Q. I’ve just got married and wondered if I should cancel my mortgage protection insurance in favour of an income protection policy?
It’s appropriate to review any insurance cover when you experience a major change in circumstances. Concerns often relate to life insurance or as suggested above, mortgage protection.
A mortgage is usually an individual’s largest expense. It’s no surprise then people wonder how they will pay it if they are unable to work for any length of time. So some people have mortgage payment protection in place. This type of policy is often sold alongside mortgages and is designed to cover your mortgage payments should you become ill or lose your job. The amount you get will typically pay your mortgage and maybe a bit more to cover expenses such as life insurance.

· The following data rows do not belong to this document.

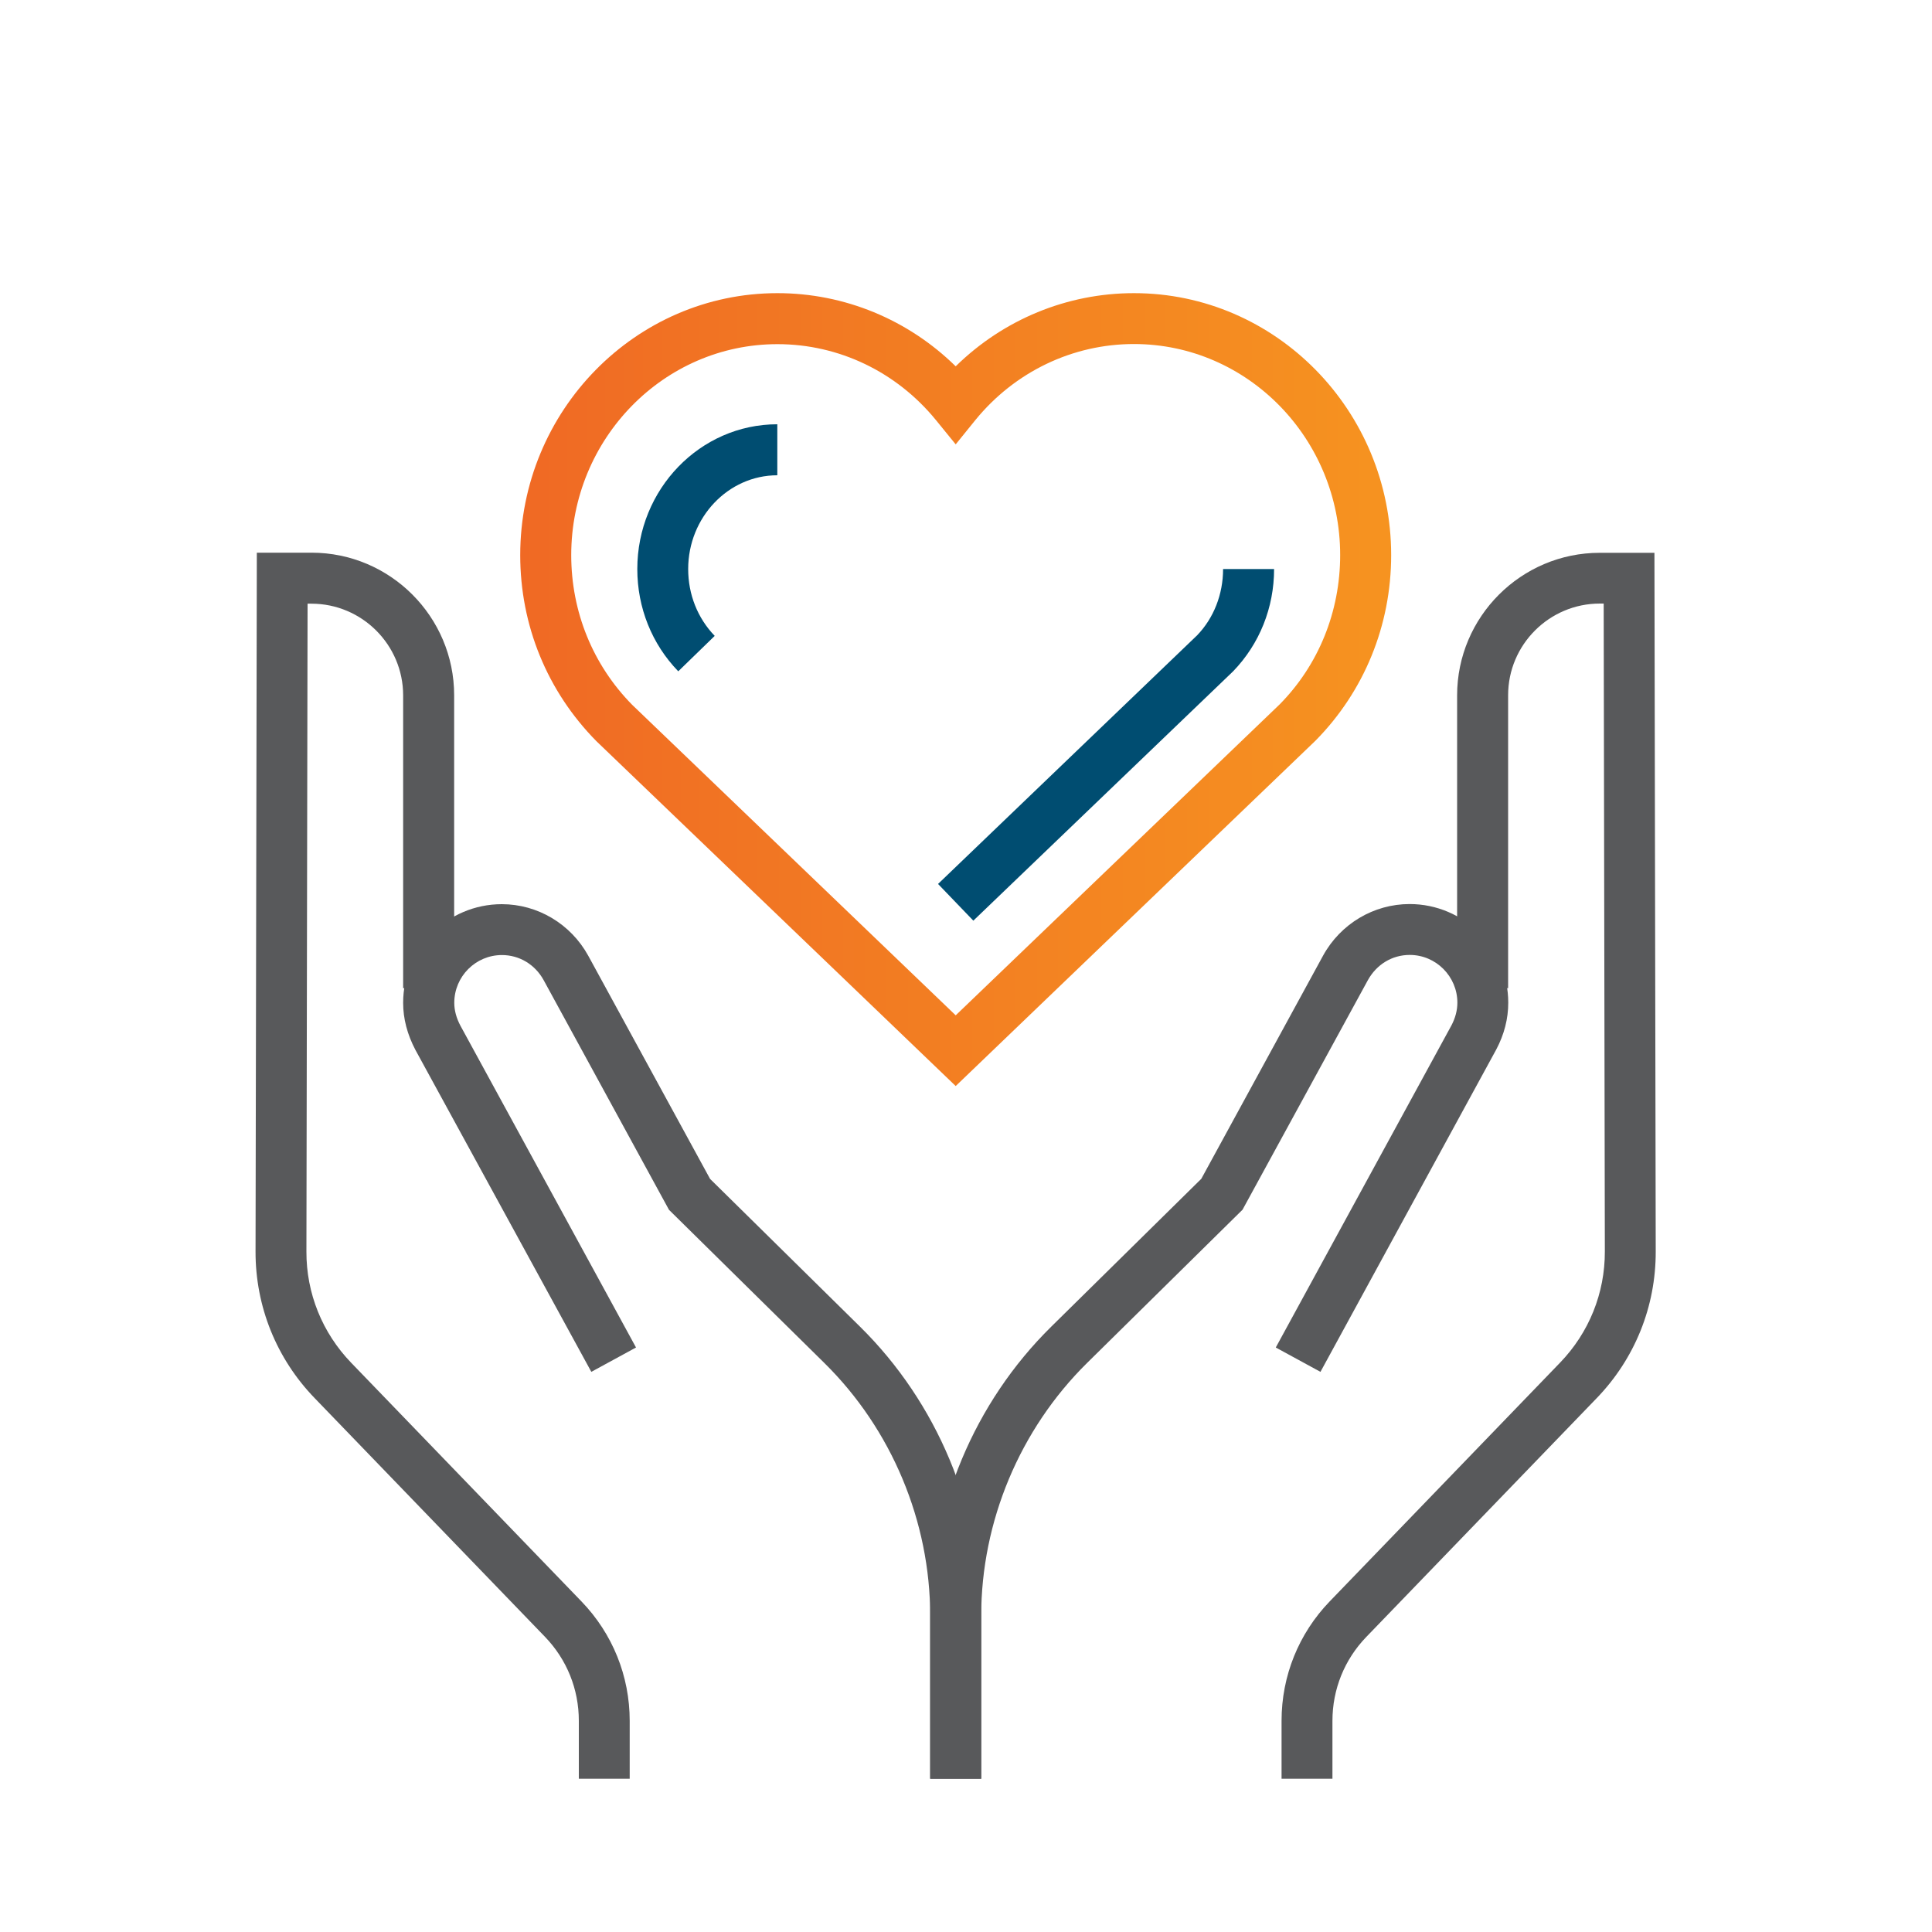 <?xml version="1.0" encoding="utf-8"?>
<!-- Generator: Adobe Illustrator 25.0.0, SVG Export Plug-In . SVG Version: 6.00 Build 0)  -->
<svg version="1.1" id="Layer_1" xmlns="http://www.w3.org/2000/svg" xmlns:xlink="http://www.w3.org/1999/xlink" x="0px" y="0px"
	 viewBox="0 0 150 150" style="enable-background:new 0 0 150 150;" xml:space="preserve">
<style type="text/css">
	.st0{fill:url(#SVGID_1_);}
	.st1{fill:#004D71;}
	.st2{fill:#58595B;}
	.st3{fill:url(#SVGID_2_);}
	.st4{fill:url(#SVGID_3_);}
	.st5{fill:url(#SVGID_4_);}
	.st6{fill:url(#SVGID_5_);stroke:#FFFFFF;stroke-width:3.93;stroke-miterlimit:10;}
	.st7{fill:url(#SVGID_6_);stroke:#FFFFFF;stroke-width:3.93;stroke-miterlimit:10;}
	.st8{fill:#5E5F5F;}
	.st9{fill:url(#SVGID_7_);stroke:#FFFFFF;stroke-width:3.93;stroke-miterlimit:10;}
</style>
<g>
	<linearGradient id="SVGID_1_" gradientUnits="userSpaceOnUse" x1="40.394" y1="53.54" x2="108.01" y2="53.54">
		<stop  offset="0" style="stop-color:#F06924"/>
		<stop  offset="0.26" style="stop-color:#F17523"/>
		<stop  offset="1" style="stop-color:#F69320"/>
	</linearGradient>
	<path class="st0" d="M74.2,84.32L46.31,57.55c-3.83-3.88-5.92-9-5.92-14.45c0-11.21,8.96-20.34,19.97-20.34
		c5.2,0,10.14,2.05,13.84,5.68c3.7-3.63,8.64-5.68,13.84-5.68c11.01,0,19.97,9.12,19.97,20.34c0,5.45-2.09,10.57-5.88,14.41
		L74.2,84.32z M60.36,26.72c-8.83,0-16.01,7.35-16.01,16.38c0,4.4,1.68,8.53,4.74,11.63l25.11,24.1l25.15-24.14
		c3.02-3.06,4.7-7.19,4.7-11.6c0-9.03-7.18-16.38-16.01-16.38c-4.76,0-9.25,2.15-12.31,5.9L74.2,34.5l-1.53-1.88
		C69.61,28.87,65.13,26.72,60.36,26.72z"/>
	<path class="st1" d="M75.57,71.48l-2.74-2.85l20.12-19.31c1.28-1.33,2.01-3.17,2.01-5.14h3.96c0,3-1.13,5.82-3.18,7.94L75.57,71.48
		z"/>
	<path class="st1" d="M52.66,52.12c-2.05-2.12-3.18-4.94-3.18-7.94c0-6.2,4.88-11.24,10.87-11.24v3.96c-3.81,0-6.92,3.27-6.92,7.28
		c0,1.97,0.73,3.81,2.06,5.19L52.66,52.12z"/>
	<path class="st2" d="M103.46,138.1h-3.96v-4.5c0-3.48,1.33-6.77,3.74-9.27l17.88-18.53c2.25-2.33,3.49-5.4,3.48-8.64l-0.09-50.3
		h-0.3c-3.92,0-7.12,3.19-7.12,7.12v22.74h-3.96V53.99c0-6.1,4.97-11.07,11.07-11.07h4.25l0.1,54.25c0.01,4.27-1.62,8.32-4.59,11.39
		l-17.88,18.53c-1.7,1.76-2.63,4.07-2.63,6.52V138.1z"/>
	<path class="st2" d="M76.18,138.1h-3.96v-12.64c0-8.39,3.42-16.57,9.4-22.46l11.65-11.48l9.45-17.32c1.36-2.48,3.94-4.01,6.72-4.01
		c4.22,0,7.66,3.44,7.66,7.66c0,1.24-0.31,2.46-0.93,3.63l-13.65,25.03l-3.47-1.89l13.64-25.01c0.3-0.57,0.46-1.17,0.46-1.76
		c0-2.04-1.66-3.71-3.7-3.71c-1.36,0-2.57,0.73-3.25,1.96l-9.73,17.82L84.4,105.82c-5.22,5.15-8.22,12.31-8.22,19.64V138.1z"/>
	<path class="st2" d="M48.9,138.1h-3.96v-4.5c0-2.45-0.93-4.76-2.63-6.52l-17.88-18.53c-2.97-3.07-4.6-7.12-4.59-11.39l0.1-54.25
		h4.25c6.1,0,11.07,4.97,11.07,11.07v22.74H31.3V53.99c0-3.92-3.19-7.12-7.12-7.12h-0.3l-0.09,50.3c-0.01,3.24,1.23,6.31,3.48,8.64
		l17.88,18.53c2.41,2.5,3.74,5.79,3.74,9.27V138.1z"/>
	<path class="st2" d="M76.18,138.1h-3.96v-12.64c0-7.33-2.99-14.49-8.22-19.64L51.94,93.93L42.21,76.1
		c-0.67-1.22-1.89-1.95-3.24-1.95c-2.04,0-3.7,1.66-3.7,3.71c0,0.58,0.16,1.18,0.48,1.78l13.63,24.98l-3.47,1.89L32.25,81.51
		c-0.63-1.2-0.95-2.42-0.95-3.65c0-4.22,3.44-7.66,7.66-7.66c2.78,0,5.35,1.53,6.71,4l9.46,17.33l11.65,11.48
		c5.97,5.89,9.4,14.07,9.4,22.46V138.1z"/>
</g>
</svg>

Income protection on the other hand is designed to pay out a regular income if you’re unable to work due to ill health and will typically continue to generate an income until you go back to work. The level of payout is designed as a percentage of your gross income but more than 60% is possible. On the other hand mortgage payment protection will pay out for a fixed period – 12 months is typical.
The two types of policies are quite different but if you already have mortgage payment protection it’s possible to have income protection running along-side it. Here the thinking is that the mortgage protection insurance will provide short term cover whereas the income protection will start once the other policy stops paying out.
Designing appropriate cover will depend on your broader circumstances, not just on whether you are married or not. Mortgage payment protection can be something of a blunt instrument because it’s not underwritten in the same way income protection is.
If you make a claim on an income protection policy the premiums are usually waived for the duration of your claim and you can make multiple claims. Payments are tax-free and some policies pay out a tax-free lump sum on retirement. Mortgage protection will lapse when the mortgage does either because the house is sold or paid off. This is an important consideration if you’re likely to pay your mortgage off well before you retire.